Charles Willis "Speed" Holman  (December 27, 1898 – May 17, 1931) was an American stunt pilot, barnstormer, wing walker, parachutist, airmail pilot, record holding aviator, and airline pilot. Born in Bloomington, Minnesota, he was the first pilot hired by Northwest Airways in 1926. In 1928, Holman set a world's record of 1,433 consecutive loops in an airplane in five hours over the St. Paul Airport.

Biography
He was born in Bloomington, Minnesota on December 27, 1898.

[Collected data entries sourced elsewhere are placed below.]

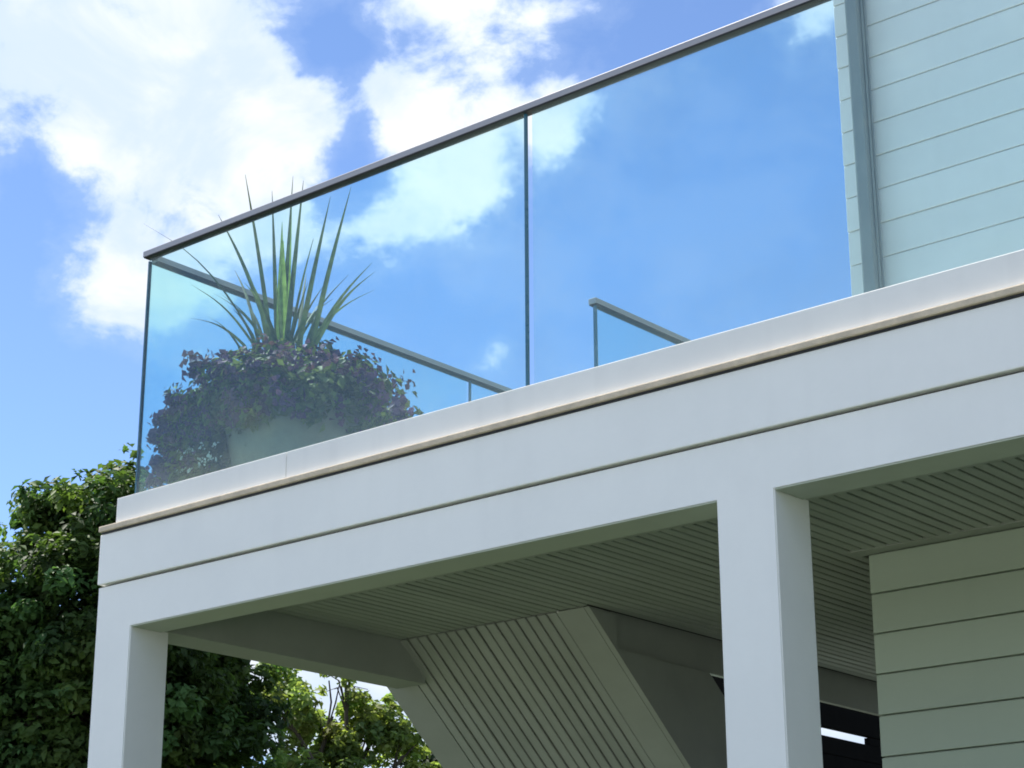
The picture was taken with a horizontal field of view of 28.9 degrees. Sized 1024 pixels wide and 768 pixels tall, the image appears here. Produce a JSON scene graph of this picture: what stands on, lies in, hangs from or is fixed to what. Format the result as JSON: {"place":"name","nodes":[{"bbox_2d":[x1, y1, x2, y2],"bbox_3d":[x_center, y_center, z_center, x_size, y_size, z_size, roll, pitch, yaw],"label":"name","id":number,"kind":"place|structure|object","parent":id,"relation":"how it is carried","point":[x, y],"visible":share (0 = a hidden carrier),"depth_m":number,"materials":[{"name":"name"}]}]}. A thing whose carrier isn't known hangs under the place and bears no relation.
{"place":"outdoors","nodes":[
{"label":"outdoors","id":0,"kind":"place"},
{"bbox_2d":[0,443,291,767],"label":"tree","id":1,"kind":"object","parent":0,"point":[217,714],"visible":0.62,"depth_m":15.21,"materials":[{"name":"green plant"}]},
{"bbox_2d":[241,662,440,767],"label":"tree","id":2,"kind":"object","parent":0,"point":[380,729],"visible":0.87,"depth_m":20.79,"materials":[{"name":"green plant"}]},
{"bbox_2d":[392,744,441,767],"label":"tree","id":3,"kind":"object","parent":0,"point":[432,758],"visible":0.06,"depth_m":23.60,"materials":[{"name":"green plant"}]},
{"bbox_2d":[0,0,864,767],"label":"sky","id":4,"kind":"structure","parent":0,"point":[700,194],"materials":[{"name":"blue"}]},
{"bbox_2d":[87,0,1023,767],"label":"house","id":5,"kind":"structure","parent":0,"point":[785,526],"depth_m":7.26,"materials":[{"name":"white paint"}]},
{"bbox_2d":[221,390,368,466],"bbox_3d":[-0.861,0.341,8.194,0.696,0.438,0.696,-16,-24,38],"label":"planter pot","id":6,"kind":"object","parent":5,"relation":"on","point":[282,434],"visible":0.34,"depth_m":7.95,"materials":[{"name":"concrete"}]},
{"bbox_2d":[146,175,372,388],"bbox_3d":[-1.023,-0.353,8.578,1.320,1.262,0.639,-16,-24,38],"label":"spiky plant","id":7,"kind":"object","parent":6,"relation":"in","point":[283,295],"visible":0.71,"depth_m":8.50,"materials":[{"name":"green plant"}]},
{"bbox_2d":[145,333,423,489],"bbox_3d":[-0.749,0.124,8.267,1.304,0.716,0.953,-16,-24,38],"label":"flowering plant","id":8,"kind":"object","parent":6,"relation":"in","point":[188,437],"visible":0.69,"depth_m":8.06,"materials":[{"name":"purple plant"}]},
{"bbox_2d":[135,0,830,493],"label":"glass balustrade","id":9,"kind":"object","parent":5,"relation":"on","point":[573,92],"visible":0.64,"depth_m":7.66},
{"bbox_2d":[387,605,726,767],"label":"staircase","id":10,"kind":"structure","parent":5,"relation":"attached to","point":[571,688],"depth_m":8.92,"materials":[{"name":"paint"}]},
{"bbox_2d":[588,297,691,366],"bbox_3d":[1.317,0.524,9.871,0.042,1.163,2.955,-16,-24,38],"label":"glass balustrade","id":11,"kind":"object","parent":5,"relation":"on","point":[595,303],"visible":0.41,"depth_m":9.15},
{"bbox_2d":[712,676,884,767],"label":"screen wall","id":12,"kind":"structure","parent":0,"point":[838,753],"depth_m":12.73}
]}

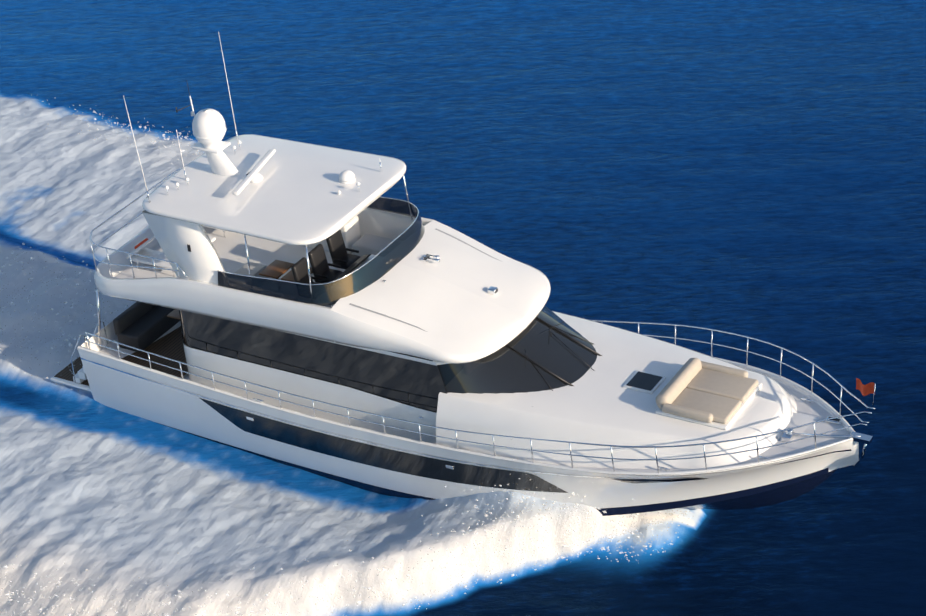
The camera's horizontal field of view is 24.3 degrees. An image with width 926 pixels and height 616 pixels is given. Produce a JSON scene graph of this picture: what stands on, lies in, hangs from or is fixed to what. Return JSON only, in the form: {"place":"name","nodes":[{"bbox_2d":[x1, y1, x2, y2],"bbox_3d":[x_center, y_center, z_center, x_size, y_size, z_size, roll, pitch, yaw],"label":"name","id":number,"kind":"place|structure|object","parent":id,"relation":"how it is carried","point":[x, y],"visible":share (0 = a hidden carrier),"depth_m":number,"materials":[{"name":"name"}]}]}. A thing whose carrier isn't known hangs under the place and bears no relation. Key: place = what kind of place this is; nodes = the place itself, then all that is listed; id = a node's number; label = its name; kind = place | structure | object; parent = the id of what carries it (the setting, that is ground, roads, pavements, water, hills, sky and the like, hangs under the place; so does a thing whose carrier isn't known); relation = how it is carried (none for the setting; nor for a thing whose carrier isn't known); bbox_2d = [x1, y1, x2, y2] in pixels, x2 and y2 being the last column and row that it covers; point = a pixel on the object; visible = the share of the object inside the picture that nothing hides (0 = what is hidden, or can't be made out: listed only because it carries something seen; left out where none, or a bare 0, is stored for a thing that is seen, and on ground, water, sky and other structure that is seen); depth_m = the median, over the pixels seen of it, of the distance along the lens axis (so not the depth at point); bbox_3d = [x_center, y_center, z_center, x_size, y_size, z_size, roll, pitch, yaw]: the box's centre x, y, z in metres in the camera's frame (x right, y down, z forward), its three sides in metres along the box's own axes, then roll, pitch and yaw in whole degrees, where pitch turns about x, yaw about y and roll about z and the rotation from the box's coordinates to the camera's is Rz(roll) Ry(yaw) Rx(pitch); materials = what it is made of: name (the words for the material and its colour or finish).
{"place":"outdoors","nodes":[
{"label":"outdoors","id":0,"kind":"place"},
{"bbox_2d":[0,0,925,615],"bbox_3d":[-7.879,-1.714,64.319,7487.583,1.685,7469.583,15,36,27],"label":"sea water","id":1,"kind":"structure","parent":0,"point":[752,168],"depth_m":65.41,"materials":[{"name":"liquid"}]},
{"bbox_2d":[0,100,693,615],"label":"foam","id":2,"kind":"object","parent":1,"relation":"on","point":[8,594],"visible":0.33,"depth_m":51.74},
{"bbox_2d":[51,32,875,515],"bbox_3d":[-0.602,-0.354,53.937,22.946,10.628,5.830,12,35,28],"label":"yacht","id":3,"kind":"object","parent":1,"relation":"on","point":[325,312],"visible":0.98,"depth_m":53.45,"materials":[{"name":"white plastic"}]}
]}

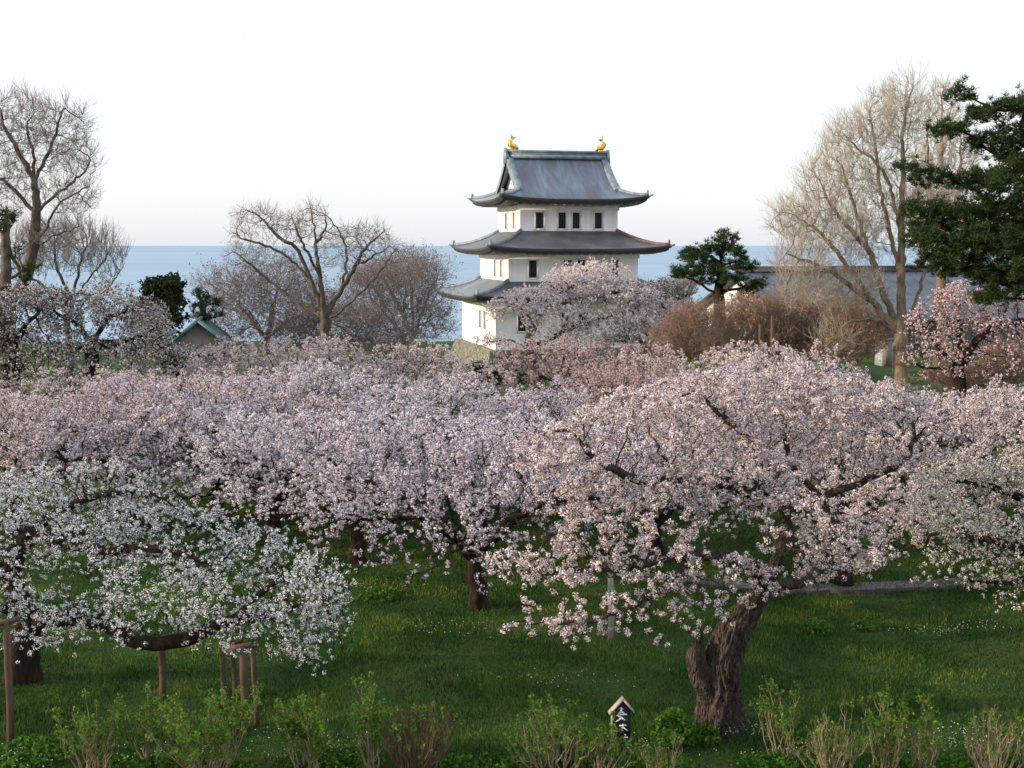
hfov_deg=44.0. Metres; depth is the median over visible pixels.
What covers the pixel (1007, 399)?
cherry tree
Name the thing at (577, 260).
window
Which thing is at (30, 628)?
cherry tree
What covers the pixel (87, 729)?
shrub
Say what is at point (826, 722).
shrub
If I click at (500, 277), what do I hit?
window
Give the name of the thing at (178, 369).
cherry tree
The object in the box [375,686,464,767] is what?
shrub
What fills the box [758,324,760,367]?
wooden post
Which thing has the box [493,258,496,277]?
window
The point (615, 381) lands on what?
cherry tree
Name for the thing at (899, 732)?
shrub
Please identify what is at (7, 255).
pine tree
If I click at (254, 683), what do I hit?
prop post
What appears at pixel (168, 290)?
evergreen tree
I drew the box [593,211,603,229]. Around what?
window
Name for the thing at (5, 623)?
prop post
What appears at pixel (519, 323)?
window
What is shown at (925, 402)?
cherry tree
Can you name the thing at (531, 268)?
window
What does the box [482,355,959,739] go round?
cherry tree
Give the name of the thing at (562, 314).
window
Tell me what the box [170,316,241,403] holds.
house
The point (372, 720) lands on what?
shrub
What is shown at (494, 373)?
bush
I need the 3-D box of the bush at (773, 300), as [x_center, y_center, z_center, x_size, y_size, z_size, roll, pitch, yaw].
[14.608,-2.349,64.347,6.815,5.831,4.684,0,6,0]
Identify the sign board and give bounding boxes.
[608,696,633,751]
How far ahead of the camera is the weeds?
16.69 m
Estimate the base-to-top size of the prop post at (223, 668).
0.997 m
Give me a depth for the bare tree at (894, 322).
57.28 m
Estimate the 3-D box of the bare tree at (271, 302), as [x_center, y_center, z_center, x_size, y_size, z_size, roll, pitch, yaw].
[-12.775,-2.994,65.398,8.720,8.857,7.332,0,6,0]
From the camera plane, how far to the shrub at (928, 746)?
16.24 m
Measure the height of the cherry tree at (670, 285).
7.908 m
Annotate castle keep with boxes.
[434,134,694,372]
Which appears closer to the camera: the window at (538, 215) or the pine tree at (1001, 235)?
the pine tree at (1001, 235)
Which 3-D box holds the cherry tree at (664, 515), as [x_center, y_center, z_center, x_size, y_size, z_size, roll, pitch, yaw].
[3.009,2.212,26.898,6.801,3.366,6.842,-1,6,-11]
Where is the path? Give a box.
[629,571,1019,590]
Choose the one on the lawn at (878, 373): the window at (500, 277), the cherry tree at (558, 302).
the cherry tree at (558, 302)
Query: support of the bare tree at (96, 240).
on the lawn at (878, 373)
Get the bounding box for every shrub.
[45,688,123,767]
[122,680,171,767]
[133,682,262,767]
[272,691,333,767]
[348,671,400,767]
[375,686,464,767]
[504,690,603,767]
[587,710,644,767]
[631,724,689,767]
[749,674,816,765]
[789,698,874,767]
[856,675,926,767]
[904,687,946,767]
[958,702,1023,767]
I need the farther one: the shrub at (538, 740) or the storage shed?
the storage shed
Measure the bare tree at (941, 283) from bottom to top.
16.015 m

In 1917 Holman raced motorcycles at the Minnesota State Fair, earning the nickname "Slim", and later, "Speed". In 1918, Holman offered to work as a mechanic in exchange for flying lessons with Walter Bullock. To earn money, he quickly added parachute jumps and wingwalking to his skills. In 1924 Holman won second place in the "on to Dayton" race. In 1926 he became an airmail pilot on the CAM-9 route from Minneapolis to Chicago, along with Matty Laird. In 1927 he won the New York to Spokane cross country air derby in a Laird commercial biplane. CAM-9 was reorganized by William Bushnell Stout with several financiers to form Northwest Airlines, hiring Holman as its first pilot, later becoming its chief pilot. Holman's first pilot's license, issued in 1927, was signed by Orville Wright.

By 1929, Holman was a leading pilot for Northwest airlines, gaining more notoriety becoming the fourth person in the world to perform the outside loop, and first to do so in a commercial aircraft. Holman became a major investor in the airline, buying $2,000 worth of stock.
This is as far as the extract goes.